Figure 2. 2x5 Tree Diagram.

bundle agent LeafSpine
{
vars:

 # Generate the interface lists used on the routers

 "spine"  slist => expandrange("swp[1-5]", "1"); # point to 5 leafsw
 "leaves" slist => expandrange("swp[1-2]", "1"); # point to 2 spinesw

 "net_adverts[leaf1]" slist => { "10.10.10.1/24", "10.10.20.1/24" };
 "net_adverts[leaf2]" slist => { "10.10.30.1/24", "2001:0DB9:0:f101::1/64" };
 "net_adverts[leaf3]" slist => { "192.168.1.0/24" };
 "net_adverts[leaf4]" slist => { "192.168.1.0/24" };
 "net_adverts[leaf5]" slist => { "192.168.1.0/24" };

 "router_id[spine1]" string => "2.0.0.1";
 "router_id[spine2]" string => "2.0.0.2";
 "router_id[leaf1]" string => "1.0.0.1";
 "router_id[leaf2]" string => "1.0.0.2";
 "router_id[leaf3]" string => "1.0.0.3";
 "router_id[leaf4]" string => "1.0.0.4";
 "router_id[leaf5]" string => "1.0.0.5";

interfaces:
 spine::
   "$(spine)"
       link_services =>  ibgp_reflector("server");
 leaves::
   "$(leaves)"
       link_services =>  ibgp_reflector("client");
}

With the data specified in an associative array, two generic promise patterns are sufficient to configure the 2x5 tree.

Model-based for WebScale

Model-based configuration is not just a “nice to have”, it is a “must have” feature of a scalable architecture.
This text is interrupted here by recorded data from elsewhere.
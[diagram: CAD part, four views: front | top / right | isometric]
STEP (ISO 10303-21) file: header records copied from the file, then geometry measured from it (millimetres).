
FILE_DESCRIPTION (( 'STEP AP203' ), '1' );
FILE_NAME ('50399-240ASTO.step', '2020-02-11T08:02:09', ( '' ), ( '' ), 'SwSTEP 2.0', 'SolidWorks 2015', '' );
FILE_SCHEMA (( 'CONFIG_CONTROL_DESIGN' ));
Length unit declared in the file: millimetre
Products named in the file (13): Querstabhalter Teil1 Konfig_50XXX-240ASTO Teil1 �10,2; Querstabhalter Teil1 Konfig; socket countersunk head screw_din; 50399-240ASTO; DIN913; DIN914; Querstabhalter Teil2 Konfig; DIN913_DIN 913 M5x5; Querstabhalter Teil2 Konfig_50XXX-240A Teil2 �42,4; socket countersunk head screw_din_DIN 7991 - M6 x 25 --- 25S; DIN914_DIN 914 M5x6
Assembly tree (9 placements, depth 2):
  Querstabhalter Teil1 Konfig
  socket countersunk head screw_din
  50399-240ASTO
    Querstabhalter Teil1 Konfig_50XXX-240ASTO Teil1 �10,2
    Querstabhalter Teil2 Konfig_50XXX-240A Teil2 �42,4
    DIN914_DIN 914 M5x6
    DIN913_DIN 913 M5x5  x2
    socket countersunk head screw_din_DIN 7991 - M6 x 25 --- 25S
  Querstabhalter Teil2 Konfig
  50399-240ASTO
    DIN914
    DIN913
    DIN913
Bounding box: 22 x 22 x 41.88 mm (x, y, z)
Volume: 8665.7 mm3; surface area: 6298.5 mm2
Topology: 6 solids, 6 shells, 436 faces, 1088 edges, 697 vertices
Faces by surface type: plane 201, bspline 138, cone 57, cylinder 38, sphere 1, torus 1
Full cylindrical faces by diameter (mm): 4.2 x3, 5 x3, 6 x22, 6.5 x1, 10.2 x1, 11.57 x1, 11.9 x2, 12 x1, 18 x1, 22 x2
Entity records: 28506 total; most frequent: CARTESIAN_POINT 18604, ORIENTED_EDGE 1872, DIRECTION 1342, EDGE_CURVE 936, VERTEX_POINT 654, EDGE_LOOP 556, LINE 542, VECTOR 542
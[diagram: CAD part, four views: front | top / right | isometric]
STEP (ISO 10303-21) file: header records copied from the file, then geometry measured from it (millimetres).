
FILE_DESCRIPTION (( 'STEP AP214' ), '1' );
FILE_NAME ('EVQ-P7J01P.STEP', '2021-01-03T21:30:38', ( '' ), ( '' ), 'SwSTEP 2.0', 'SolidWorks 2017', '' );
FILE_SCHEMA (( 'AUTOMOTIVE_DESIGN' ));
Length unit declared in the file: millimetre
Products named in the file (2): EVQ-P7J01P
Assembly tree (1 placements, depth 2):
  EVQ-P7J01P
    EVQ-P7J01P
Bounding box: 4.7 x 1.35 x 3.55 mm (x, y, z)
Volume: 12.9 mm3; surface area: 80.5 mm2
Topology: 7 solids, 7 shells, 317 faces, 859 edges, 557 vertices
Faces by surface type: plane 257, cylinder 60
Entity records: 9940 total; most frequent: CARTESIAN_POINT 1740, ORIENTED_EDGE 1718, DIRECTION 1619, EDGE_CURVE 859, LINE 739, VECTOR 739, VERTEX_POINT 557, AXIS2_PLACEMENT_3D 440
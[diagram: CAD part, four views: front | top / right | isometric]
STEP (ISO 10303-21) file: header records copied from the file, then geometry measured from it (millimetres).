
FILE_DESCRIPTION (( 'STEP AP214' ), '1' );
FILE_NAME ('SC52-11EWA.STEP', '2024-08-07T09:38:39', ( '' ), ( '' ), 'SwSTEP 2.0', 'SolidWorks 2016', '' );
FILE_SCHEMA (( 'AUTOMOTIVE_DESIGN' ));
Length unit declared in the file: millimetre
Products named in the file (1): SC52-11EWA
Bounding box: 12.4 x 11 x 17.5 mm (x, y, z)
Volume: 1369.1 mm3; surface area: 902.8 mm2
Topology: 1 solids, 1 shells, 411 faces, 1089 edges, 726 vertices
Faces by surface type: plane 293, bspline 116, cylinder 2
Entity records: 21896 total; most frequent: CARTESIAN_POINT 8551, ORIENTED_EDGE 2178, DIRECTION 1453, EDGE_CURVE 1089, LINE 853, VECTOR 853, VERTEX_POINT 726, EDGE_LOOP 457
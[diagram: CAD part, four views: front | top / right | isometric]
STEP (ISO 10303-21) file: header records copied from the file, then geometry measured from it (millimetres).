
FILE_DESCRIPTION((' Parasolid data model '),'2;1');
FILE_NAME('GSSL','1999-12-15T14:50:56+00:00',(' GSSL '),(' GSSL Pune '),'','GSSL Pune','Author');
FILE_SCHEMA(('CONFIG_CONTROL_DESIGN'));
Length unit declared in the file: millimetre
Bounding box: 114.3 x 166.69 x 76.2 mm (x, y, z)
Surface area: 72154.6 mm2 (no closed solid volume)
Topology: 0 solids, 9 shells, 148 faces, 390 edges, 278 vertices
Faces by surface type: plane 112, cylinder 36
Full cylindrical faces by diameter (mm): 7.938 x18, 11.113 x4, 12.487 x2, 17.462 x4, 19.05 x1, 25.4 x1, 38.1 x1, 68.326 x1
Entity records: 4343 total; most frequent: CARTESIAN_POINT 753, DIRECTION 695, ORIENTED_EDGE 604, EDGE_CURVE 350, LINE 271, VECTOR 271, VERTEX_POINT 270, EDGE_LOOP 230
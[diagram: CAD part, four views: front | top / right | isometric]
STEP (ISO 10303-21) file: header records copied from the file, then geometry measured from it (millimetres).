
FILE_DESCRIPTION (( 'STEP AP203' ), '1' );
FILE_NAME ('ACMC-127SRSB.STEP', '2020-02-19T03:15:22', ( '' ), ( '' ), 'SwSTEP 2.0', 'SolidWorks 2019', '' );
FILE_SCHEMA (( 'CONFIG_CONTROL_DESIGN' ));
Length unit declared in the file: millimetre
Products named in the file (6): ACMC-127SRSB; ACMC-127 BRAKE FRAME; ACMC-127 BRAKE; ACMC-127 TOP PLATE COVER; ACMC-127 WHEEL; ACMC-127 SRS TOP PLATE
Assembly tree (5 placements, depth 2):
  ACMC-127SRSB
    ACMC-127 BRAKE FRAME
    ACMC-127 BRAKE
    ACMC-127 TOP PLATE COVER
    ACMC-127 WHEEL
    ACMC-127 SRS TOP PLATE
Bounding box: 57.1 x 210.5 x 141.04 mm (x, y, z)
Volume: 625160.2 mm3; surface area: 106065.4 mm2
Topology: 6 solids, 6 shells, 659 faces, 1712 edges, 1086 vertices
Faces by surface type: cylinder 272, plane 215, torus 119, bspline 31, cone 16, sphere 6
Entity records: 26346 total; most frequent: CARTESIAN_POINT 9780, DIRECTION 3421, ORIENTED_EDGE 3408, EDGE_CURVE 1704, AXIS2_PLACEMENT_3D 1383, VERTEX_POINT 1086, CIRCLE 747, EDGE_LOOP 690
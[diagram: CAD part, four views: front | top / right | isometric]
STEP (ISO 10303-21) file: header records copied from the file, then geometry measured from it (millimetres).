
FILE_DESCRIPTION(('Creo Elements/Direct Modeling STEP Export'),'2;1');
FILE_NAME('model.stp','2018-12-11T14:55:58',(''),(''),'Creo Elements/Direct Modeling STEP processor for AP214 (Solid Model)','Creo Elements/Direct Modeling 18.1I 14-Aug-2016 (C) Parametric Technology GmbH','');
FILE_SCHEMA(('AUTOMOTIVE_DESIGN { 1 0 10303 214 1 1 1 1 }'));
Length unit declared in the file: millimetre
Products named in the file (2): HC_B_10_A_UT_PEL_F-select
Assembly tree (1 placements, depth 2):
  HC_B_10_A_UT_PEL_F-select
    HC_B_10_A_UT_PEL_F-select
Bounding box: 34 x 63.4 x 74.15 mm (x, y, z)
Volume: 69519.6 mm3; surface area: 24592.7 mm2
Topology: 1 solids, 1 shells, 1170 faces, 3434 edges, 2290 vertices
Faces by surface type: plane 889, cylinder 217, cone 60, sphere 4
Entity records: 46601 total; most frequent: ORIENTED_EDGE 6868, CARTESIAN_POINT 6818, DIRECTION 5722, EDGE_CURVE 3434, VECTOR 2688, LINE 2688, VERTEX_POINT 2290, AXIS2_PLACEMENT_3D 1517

The three challenges of today’s software stack remain: scale, complexity and knowledge management. Brute force can handle the first of these, but going forward, using a model-based approach is the only plausible option. What CFEngine adds is its usual promise of self-healing convergent end-state management and a knowledge-oriented approach. A simplification of datacenter operations, by de-coupling fast and slow changes with a versioned set of promises, takes away several burdens that haunt network engineers. This is about enabling DevOps to work collaboratively across application-network divide. And that kind of evolution in the management of network services is long overdue.